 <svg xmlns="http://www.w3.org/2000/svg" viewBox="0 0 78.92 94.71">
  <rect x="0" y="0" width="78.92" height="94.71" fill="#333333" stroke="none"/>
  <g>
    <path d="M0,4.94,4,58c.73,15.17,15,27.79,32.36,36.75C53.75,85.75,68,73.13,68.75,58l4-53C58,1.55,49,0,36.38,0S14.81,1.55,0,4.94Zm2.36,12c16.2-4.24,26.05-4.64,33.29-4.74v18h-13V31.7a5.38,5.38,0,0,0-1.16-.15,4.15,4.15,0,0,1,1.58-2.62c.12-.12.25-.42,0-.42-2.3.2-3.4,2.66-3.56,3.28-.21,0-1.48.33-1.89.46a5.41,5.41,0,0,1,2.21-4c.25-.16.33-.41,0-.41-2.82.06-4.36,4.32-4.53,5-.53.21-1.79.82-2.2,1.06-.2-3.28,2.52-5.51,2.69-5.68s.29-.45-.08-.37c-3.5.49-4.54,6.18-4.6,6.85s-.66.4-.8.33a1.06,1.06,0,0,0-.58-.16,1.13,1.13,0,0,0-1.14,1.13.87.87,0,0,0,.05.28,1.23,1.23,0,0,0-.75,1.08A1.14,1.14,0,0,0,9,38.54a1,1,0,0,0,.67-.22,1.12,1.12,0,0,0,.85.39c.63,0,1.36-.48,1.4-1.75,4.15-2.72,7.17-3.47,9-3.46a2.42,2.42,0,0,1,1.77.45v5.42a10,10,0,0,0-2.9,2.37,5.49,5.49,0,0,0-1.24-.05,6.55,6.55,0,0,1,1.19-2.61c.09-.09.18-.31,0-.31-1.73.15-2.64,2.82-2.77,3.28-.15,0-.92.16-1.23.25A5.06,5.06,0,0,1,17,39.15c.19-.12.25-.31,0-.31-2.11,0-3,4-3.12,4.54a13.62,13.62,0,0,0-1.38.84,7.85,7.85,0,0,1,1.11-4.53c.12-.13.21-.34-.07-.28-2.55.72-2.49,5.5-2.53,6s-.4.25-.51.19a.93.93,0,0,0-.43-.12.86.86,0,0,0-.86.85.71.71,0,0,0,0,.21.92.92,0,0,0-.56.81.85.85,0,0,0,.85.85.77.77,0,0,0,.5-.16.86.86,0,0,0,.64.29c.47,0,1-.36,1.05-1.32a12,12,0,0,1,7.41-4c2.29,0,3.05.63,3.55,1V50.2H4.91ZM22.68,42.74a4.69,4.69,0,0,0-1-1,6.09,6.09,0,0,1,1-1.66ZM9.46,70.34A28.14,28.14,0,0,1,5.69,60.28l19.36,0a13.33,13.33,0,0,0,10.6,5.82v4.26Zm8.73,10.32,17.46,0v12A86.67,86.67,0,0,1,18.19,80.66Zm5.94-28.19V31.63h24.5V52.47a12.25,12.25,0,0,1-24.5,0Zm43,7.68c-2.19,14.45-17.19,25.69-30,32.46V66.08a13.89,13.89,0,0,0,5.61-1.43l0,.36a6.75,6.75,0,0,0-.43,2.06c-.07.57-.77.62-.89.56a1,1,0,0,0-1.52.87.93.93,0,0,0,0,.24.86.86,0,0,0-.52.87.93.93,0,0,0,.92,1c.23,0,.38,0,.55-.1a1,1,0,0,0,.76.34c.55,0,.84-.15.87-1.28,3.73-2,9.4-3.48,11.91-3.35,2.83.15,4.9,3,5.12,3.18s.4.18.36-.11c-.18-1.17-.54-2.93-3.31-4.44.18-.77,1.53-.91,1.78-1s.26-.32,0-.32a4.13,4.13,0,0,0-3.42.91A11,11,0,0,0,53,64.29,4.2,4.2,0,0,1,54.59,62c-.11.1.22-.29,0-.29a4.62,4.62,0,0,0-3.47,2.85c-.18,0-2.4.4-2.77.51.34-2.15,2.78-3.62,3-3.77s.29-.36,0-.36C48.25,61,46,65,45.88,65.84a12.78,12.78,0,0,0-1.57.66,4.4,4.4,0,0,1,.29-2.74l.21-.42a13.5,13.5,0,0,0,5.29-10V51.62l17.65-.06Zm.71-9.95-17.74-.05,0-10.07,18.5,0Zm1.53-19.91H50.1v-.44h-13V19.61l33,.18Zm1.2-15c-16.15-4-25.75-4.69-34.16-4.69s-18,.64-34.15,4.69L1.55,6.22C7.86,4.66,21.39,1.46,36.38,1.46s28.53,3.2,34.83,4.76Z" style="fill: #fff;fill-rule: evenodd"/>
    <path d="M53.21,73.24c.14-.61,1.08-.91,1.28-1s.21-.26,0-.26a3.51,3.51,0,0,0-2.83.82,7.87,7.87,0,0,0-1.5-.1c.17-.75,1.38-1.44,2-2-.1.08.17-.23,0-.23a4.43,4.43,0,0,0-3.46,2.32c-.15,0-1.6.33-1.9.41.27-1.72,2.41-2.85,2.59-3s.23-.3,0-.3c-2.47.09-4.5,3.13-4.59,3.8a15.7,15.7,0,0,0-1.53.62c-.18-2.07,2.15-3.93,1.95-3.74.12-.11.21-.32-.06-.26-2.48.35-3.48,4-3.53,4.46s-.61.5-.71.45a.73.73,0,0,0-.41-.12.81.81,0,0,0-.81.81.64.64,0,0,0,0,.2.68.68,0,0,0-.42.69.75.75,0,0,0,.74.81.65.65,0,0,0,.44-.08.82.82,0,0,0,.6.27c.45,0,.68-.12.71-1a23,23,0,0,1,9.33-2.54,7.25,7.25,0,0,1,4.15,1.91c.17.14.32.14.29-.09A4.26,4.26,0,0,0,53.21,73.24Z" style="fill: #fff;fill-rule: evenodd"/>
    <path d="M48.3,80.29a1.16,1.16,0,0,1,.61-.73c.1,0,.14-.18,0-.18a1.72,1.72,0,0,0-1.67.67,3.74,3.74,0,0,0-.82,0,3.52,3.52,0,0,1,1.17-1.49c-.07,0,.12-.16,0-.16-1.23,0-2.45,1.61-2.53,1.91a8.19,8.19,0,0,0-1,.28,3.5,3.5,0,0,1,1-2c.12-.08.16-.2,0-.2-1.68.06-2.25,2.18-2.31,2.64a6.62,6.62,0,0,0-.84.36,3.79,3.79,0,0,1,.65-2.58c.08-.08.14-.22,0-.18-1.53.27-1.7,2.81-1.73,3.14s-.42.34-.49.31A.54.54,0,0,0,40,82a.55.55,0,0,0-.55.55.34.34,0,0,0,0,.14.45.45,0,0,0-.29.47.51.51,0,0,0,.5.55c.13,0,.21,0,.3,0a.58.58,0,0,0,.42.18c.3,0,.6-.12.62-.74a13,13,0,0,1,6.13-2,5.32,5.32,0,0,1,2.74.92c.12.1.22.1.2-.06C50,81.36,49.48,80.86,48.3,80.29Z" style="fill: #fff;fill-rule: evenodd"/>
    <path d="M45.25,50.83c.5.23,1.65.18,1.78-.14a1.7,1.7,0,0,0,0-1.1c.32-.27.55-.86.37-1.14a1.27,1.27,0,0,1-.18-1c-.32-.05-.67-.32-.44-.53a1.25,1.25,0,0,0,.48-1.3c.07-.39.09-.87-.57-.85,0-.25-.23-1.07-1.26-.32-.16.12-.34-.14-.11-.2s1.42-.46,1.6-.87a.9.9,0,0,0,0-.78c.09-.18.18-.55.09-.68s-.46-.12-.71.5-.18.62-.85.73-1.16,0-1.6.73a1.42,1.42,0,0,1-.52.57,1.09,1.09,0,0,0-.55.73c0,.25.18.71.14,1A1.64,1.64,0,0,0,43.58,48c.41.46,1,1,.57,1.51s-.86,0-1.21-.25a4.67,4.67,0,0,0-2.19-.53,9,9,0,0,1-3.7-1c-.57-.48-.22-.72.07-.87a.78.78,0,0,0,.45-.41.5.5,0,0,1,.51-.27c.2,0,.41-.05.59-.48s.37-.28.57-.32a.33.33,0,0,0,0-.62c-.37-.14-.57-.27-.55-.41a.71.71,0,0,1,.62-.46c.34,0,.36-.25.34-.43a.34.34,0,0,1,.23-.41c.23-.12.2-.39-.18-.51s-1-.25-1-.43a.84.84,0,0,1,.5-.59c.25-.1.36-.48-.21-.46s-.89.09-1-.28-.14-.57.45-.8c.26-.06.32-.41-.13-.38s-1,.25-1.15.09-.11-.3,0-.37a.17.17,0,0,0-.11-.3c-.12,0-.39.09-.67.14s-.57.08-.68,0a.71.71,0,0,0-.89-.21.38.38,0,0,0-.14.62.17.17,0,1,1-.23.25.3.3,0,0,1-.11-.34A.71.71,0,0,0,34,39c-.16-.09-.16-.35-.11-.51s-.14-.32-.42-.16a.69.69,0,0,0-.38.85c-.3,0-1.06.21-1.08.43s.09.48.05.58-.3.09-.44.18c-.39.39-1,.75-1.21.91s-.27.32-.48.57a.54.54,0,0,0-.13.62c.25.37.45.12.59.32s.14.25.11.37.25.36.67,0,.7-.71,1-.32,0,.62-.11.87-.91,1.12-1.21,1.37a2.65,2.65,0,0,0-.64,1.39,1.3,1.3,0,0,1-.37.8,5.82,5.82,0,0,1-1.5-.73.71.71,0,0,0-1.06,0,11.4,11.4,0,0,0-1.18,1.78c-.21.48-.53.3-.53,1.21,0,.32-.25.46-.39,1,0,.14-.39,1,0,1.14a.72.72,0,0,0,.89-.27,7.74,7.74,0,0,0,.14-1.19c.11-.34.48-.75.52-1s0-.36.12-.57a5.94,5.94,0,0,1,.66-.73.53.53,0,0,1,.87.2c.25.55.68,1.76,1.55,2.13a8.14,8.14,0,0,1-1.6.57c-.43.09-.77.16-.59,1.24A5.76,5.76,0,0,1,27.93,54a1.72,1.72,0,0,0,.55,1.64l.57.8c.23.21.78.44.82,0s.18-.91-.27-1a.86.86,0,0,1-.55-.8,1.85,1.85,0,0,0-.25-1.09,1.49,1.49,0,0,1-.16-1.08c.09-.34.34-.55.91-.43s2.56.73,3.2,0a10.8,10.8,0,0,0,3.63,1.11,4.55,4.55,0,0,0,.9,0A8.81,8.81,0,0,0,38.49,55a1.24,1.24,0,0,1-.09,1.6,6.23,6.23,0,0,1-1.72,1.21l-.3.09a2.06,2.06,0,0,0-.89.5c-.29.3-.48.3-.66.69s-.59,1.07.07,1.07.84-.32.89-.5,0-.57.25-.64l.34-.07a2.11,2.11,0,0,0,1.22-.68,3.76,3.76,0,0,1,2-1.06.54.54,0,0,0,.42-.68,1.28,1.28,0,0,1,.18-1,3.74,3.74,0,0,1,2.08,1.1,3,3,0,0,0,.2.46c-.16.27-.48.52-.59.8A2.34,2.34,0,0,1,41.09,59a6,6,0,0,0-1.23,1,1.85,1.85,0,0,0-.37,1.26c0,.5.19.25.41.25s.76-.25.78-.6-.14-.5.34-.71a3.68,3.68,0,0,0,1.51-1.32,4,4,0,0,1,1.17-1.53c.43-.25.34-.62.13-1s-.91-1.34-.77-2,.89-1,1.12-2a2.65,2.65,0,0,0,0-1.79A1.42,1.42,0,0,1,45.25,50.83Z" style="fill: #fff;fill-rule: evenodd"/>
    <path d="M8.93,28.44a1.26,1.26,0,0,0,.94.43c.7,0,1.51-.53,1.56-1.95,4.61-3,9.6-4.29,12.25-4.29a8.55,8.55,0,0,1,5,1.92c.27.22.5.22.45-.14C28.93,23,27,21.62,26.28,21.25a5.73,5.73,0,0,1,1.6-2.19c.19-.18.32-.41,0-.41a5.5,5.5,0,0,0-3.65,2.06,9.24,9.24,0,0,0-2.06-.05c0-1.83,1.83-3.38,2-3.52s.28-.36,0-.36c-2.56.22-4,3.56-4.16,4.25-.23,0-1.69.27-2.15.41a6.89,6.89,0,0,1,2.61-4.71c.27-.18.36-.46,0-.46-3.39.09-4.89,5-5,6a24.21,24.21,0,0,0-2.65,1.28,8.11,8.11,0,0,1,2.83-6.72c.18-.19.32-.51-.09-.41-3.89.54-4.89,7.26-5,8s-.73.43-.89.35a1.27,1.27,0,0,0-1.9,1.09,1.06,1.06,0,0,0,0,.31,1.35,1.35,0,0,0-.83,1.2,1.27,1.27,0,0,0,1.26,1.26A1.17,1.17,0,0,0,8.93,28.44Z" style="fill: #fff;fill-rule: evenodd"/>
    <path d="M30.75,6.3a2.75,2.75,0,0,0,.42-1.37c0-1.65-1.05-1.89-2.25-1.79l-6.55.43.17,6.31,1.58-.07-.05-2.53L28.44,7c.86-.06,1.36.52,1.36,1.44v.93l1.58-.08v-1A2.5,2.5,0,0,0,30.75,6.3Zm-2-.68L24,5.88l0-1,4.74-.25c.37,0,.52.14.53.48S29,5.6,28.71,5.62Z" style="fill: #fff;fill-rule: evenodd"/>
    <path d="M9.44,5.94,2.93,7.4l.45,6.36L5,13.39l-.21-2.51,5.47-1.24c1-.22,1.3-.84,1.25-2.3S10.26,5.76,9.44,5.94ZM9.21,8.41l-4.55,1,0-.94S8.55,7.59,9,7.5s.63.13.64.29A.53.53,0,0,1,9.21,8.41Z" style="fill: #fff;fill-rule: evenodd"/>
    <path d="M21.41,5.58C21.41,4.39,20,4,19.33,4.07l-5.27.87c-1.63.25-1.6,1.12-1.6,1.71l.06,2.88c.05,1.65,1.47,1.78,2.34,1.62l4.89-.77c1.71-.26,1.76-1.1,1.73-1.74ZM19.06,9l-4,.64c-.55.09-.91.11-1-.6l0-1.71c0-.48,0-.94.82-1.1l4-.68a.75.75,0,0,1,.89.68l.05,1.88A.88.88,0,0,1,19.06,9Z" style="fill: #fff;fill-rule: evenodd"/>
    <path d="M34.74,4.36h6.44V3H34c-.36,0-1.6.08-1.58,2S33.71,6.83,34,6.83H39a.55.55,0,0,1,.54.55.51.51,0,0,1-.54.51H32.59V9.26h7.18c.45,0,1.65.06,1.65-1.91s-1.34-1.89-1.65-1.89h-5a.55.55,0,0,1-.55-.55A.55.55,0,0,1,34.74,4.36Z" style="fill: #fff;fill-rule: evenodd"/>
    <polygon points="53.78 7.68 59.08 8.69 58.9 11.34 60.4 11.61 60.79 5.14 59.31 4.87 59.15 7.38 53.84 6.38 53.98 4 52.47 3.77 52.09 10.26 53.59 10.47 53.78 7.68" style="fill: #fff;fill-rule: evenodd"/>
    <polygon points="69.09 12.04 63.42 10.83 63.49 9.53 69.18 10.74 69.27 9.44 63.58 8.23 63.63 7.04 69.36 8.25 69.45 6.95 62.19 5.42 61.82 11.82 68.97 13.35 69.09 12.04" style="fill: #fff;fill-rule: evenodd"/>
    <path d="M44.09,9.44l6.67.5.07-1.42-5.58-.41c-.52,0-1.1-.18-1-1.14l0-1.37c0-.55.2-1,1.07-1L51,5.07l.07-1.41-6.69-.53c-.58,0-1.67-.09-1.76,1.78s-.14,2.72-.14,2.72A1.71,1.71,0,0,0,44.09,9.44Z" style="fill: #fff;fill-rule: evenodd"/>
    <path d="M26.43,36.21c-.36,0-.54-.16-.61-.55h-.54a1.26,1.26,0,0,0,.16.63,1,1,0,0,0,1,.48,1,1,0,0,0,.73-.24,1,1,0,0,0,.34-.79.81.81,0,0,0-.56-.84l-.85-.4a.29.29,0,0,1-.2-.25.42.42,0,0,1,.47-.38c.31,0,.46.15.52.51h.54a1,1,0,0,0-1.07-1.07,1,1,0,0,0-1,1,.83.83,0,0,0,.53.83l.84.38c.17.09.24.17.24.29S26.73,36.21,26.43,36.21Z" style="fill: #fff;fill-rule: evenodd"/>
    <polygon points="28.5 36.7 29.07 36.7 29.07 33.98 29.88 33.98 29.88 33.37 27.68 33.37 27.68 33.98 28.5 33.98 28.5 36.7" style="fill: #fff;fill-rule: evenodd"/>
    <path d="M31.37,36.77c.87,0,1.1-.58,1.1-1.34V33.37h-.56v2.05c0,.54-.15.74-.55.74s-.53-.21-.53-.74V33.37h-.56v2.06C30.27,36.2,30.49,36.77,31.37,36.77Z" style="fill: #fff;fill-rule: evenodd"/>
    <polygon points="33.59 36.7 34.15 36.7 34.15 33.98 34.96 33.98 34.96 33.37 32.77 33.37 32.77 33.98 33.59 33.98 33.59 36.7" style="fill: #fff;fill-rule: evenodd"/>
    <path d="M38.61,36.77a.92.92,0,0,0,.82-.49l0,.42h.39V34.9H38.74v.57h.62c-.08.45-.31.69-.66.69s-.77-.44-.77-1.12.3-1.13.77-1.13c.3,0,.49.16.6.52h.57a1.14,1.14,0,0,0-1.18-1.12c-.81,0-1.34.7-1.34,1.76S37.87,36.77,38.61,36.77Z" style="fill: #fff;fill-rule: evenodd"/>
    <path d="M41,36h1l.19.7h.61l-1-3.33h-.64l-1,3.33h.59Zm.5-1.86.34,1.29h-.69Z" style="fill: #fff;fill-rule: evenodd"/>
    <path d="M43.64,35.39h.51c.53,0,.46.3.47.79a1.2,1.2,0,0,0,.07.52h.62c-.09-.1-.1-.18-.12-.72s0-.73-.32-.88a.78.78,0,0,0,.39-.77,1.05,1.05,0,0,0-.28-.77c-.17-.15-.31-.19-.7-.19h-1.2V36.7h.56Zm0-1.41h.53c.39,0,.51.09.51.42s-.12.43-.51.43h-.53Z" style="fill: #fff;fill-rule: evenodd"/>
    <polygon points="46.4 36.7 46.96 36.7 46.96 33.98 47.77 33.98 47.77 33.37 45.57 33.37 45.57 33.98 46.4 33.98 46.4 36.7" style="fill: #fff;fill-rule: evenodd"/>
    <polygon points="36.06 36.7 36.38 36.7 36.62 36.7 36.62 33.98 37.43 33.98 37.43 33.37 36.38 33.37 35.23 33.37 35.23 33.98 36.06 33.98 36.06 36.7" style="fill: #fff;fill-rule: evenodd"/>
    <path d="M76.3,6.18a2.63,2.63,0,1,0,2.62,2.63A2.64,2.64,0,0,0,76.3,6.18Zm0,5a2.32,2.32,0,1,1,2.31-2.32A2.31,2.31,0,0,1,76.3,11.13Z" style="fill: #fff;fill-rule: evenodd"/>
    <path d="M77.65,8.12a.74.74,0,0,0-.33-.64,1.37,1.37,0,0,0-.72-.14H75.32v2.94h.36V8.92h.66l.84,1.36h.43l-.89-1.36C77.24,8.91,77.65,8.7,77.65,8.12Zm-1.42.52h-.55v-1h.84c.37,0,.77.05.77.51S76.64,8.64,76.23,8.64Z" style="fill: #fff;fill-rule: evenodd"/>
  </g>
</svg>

- What needs to be done
What is the number of lines in the listing above that contain the string "polygon"? Give only the number.

- Task response
6